4.- Needs more research because maybe could be done decentralized

  • 4.1.- Traffic pattern based connection filtering

PROS & CONS

1.- Decentralized filtering

  • Cons:
  • Mikrotik devices have to be populated by new configuration updates.
  • Some performance overhead may occur. Would be interesting to somehow measure it.
  • overhead is very small, we can easily handle ~70 Mbit/s (including 25 rules firewall, results in 60 GByte/day) on an RB960 (RDB952 - max 900 Mbit/s) - only when traffic is tagged and measured

2.- Semi centralized/decentralized - some actions have to be done in the core while others in the Mikrotiks

  • Cons:
  • Core infrastructure needs to be prepared. % core infrastructure is in place. Whitelist is centrally located (owncloud), and populated to the LNCC
  • Mikrotik devices have to be populated by new configuration updates.
  • Some performance overhead may occur. Would be interesting to somehow measure it.

3.- Centralized filtering

  • Cons:
  • All traffic needs to go through a centralized device.
  • % applicable to some traffic, not all traffic - not suitable for all traffic, as the backbone traffic is the main cost (and other topics such as virus filtering, internation traffic...)

1.1.- Whitelist

White listing is the closed world approach, which is easier to manage

Pros:

  • The easiest one to implement.
  • Allows to reduce most of the traffic.

Cons:

  • The most restrictive one.
  • Requires to analyze the content of each web page.
  • Dynamically generated web pages such as Facebook have to be blocked because is not possible to analyze their content beforehand.
  • not completely right, as facebook uses video servers, which can be blocked

1.2 Blacklist of already known Content Delivery Network (CDN) addresses

Blacklist is the open world approach.
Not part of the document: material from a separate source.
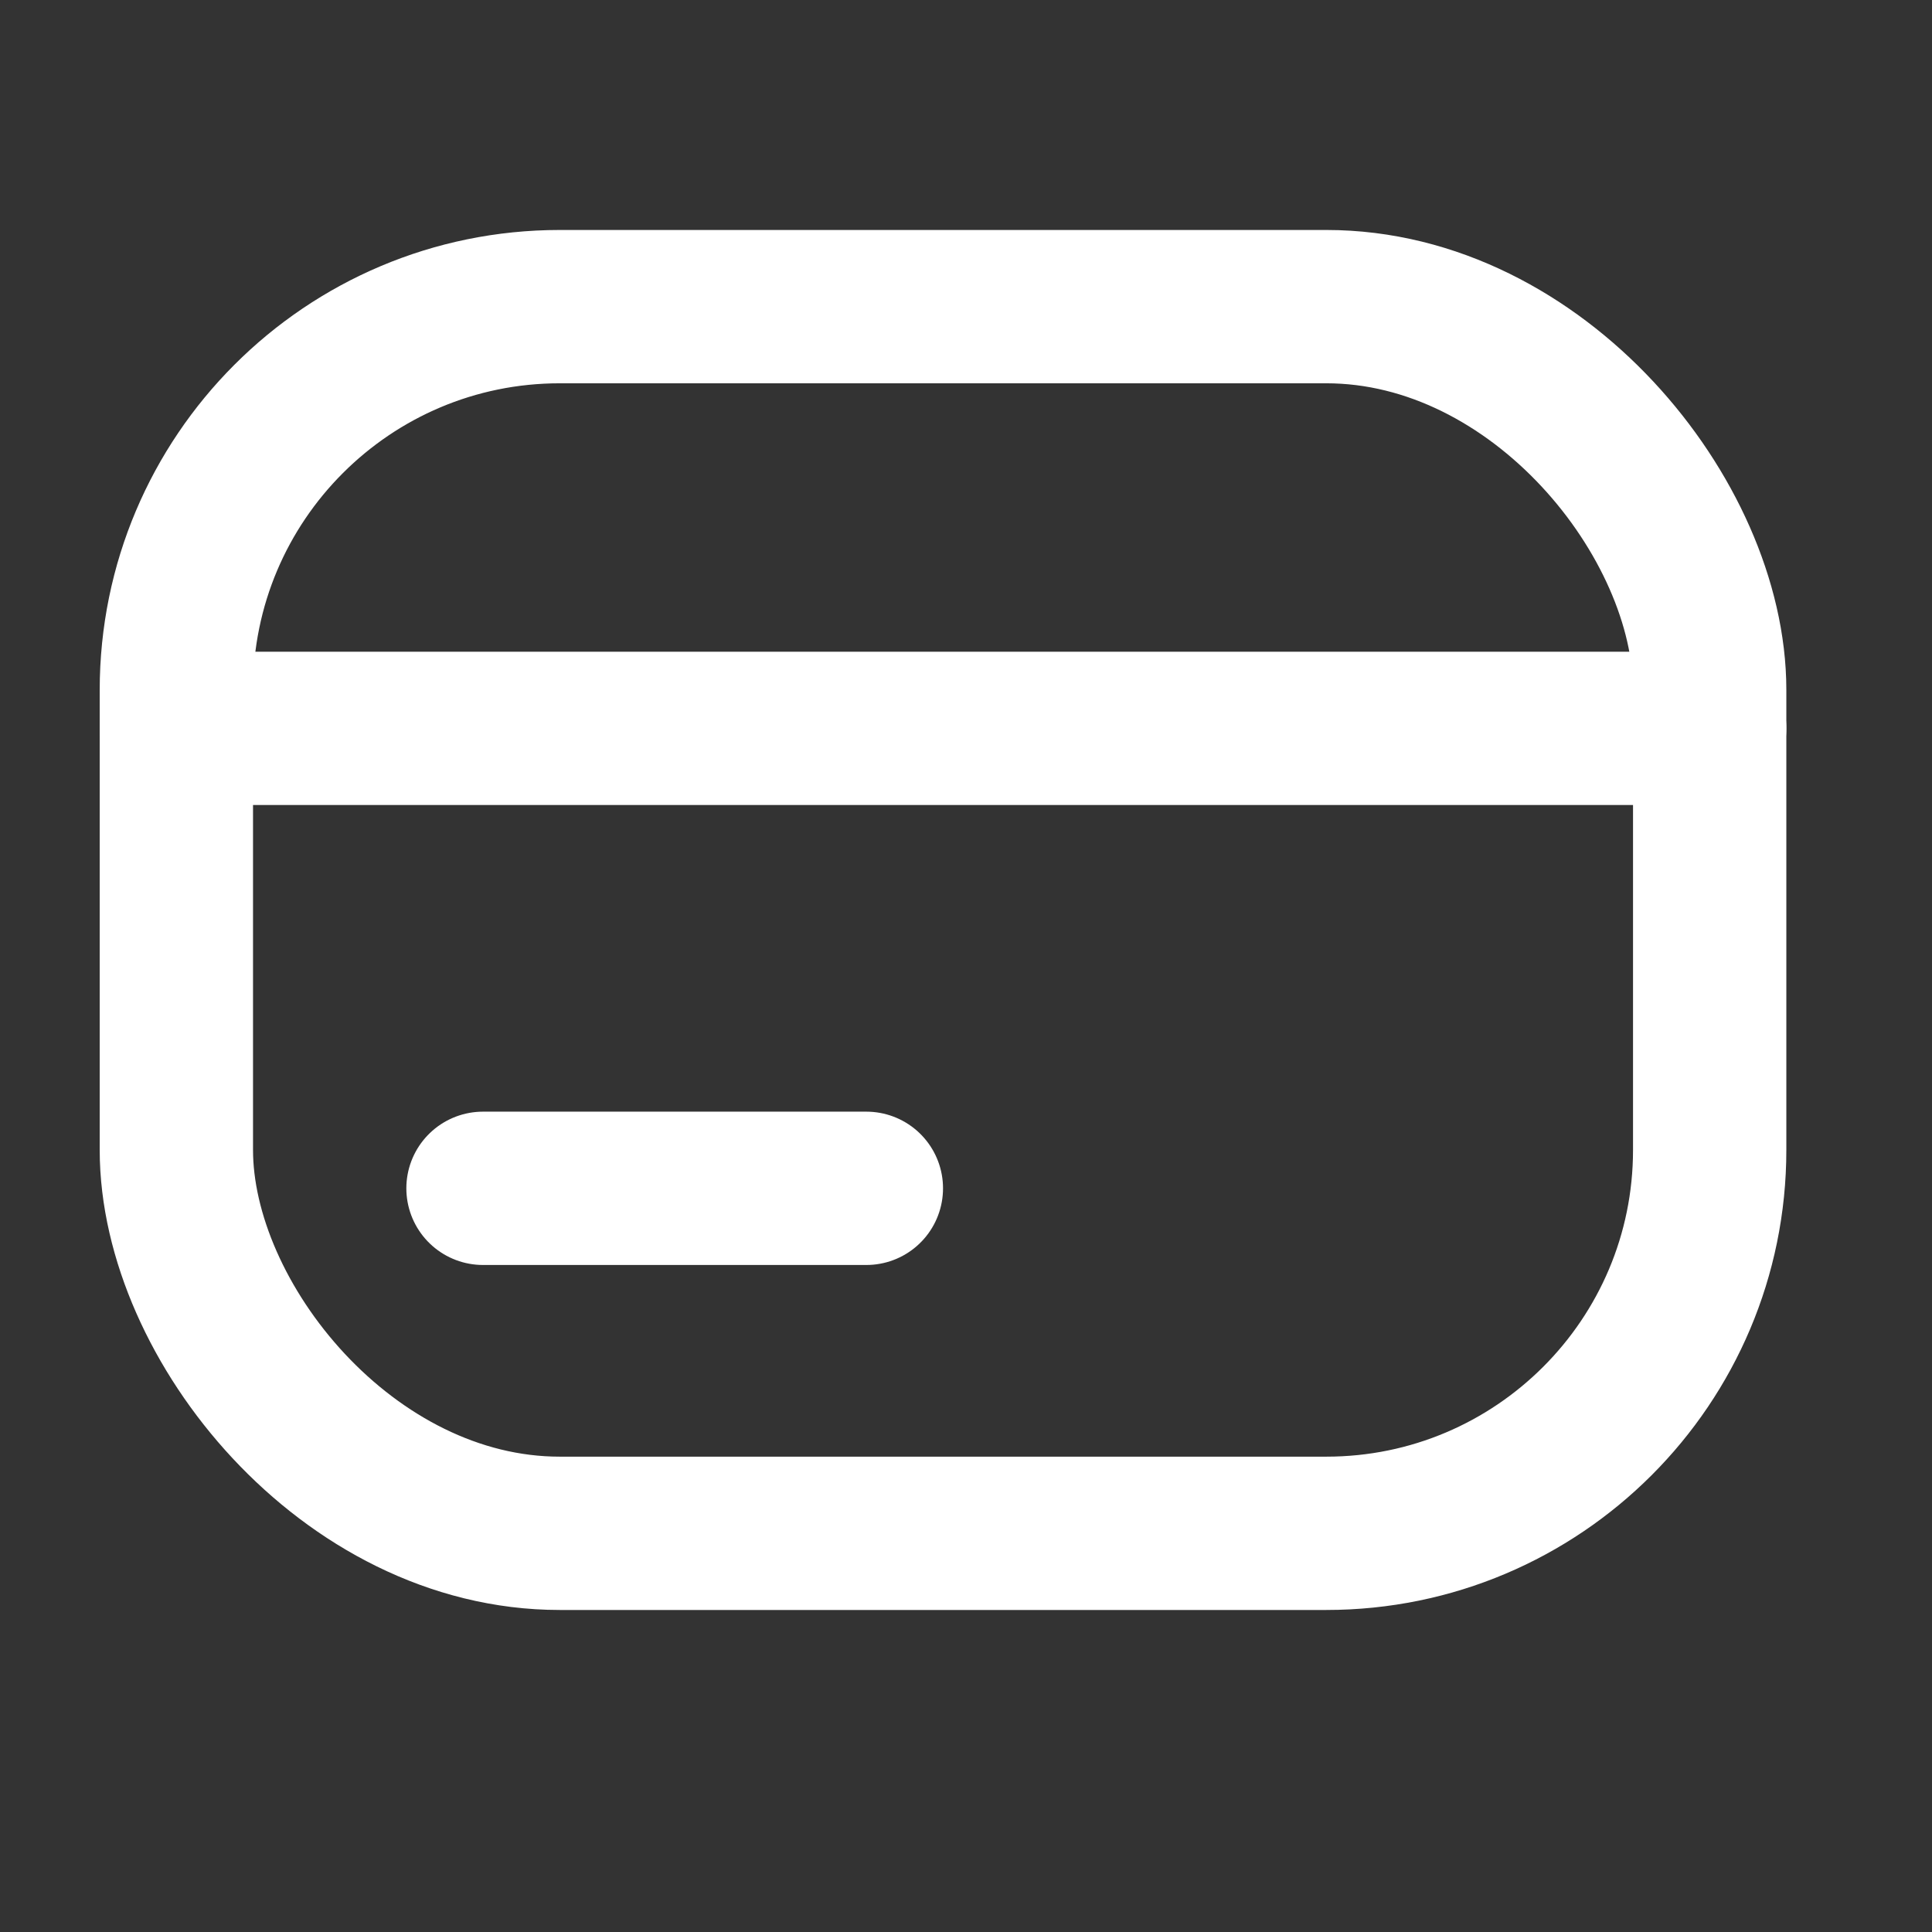 <?xml version="1.0" encoding="UTF-8"?> <svg xmlns="http://www.w3.org/2000/svg" width="14" height="14" viewBox="0 0 14 14" fill="none"><rect x="0" y="0" width="14" height="14" fill="#333333" stroke="none"/><rect x="1.278" y="2.222" width="11.111" height="8.889" rx="2.778" stroke="white" stroke-width="1.111"></rect><path d="M1.278 5.278H12.389" stroke="white" stroke-width="1.111" stroke-linecap="round" stroke-linejoin="round"></path><path d="M3.5 8.611H6.278" stroke="white" stroke-width="1.111" stroke-linecap="round" stroke-linejoin="round"></path></svg>

A potential starting point is to use the topp 500 web pages (national, international,....) and analyse them in depth. Which Web pages are they calling ("all levels below"). This should give us an overview over 90%(?) of the traffic. Strategy: you measure upcoming new web sites, and their traffic, and if the traffic exceeds xxx MB, then you analyse. Might need to tagg the "known" web pages, and then measure the traffic of the "not-known" web pages.

Pros:

  • The second easiest one to implement.
  • Allows to reduce well known CDNs' traffic.

Cons:

  • Video/Audio content delivered through not known CDNs or other addresses is not filtered.
  • Requires to analyze and update the addresses of CDNs %all the time
  • hard to catch new CDNs

Conclusion: worthwhile a trial in India (or Kinderdorf)

  • Both black and white-listing will increase the number of addresses, and will at one place hit the capacity of the Mikrotik equipment
  • 20.000 addresses is okay for RBD952

1.3.- RouterOS L7 filter

Pros:

Cons:

  • Only unencrypted HTTP can be matched. NOT HTTPS, example YouTube does not work.
  • Not 100% reliable.

Conclusions:

  • as more and more traffic is moved into https, it is not advisable to use L7-filtering

2.1.- Web crawler

to analyze requested web pages and populate the blacklists

Pros:

  • Could be combined with 1.1, 1.2 and 1.3.

Cons:

  • Dynamically generated web pages cannot be partially filtered. Such as login based pages.
  • Not 100% reliable.
  • Requires many resources to analyze web pages.

Conclusion:

  • establish a cloud infrastructure for the filtering.
  • for the "login/https" pages, use the blacklist approach

3.1. Commercial proxy/firewall to filter by Content-Type

A typical example of such an approach is the security filtering by Palo Alto Networks.

Pros:

  • Easy to implement. % you buy a device which performs the filtering
  • Able to filter even HTTPS connections.

Cons:

  • All traffic needs to be centralized.
  • Price.
  • Need to perform a man in the middle for HTTPS connections.
  • Even if it is paid most probably will not block 100% of not desired traffic.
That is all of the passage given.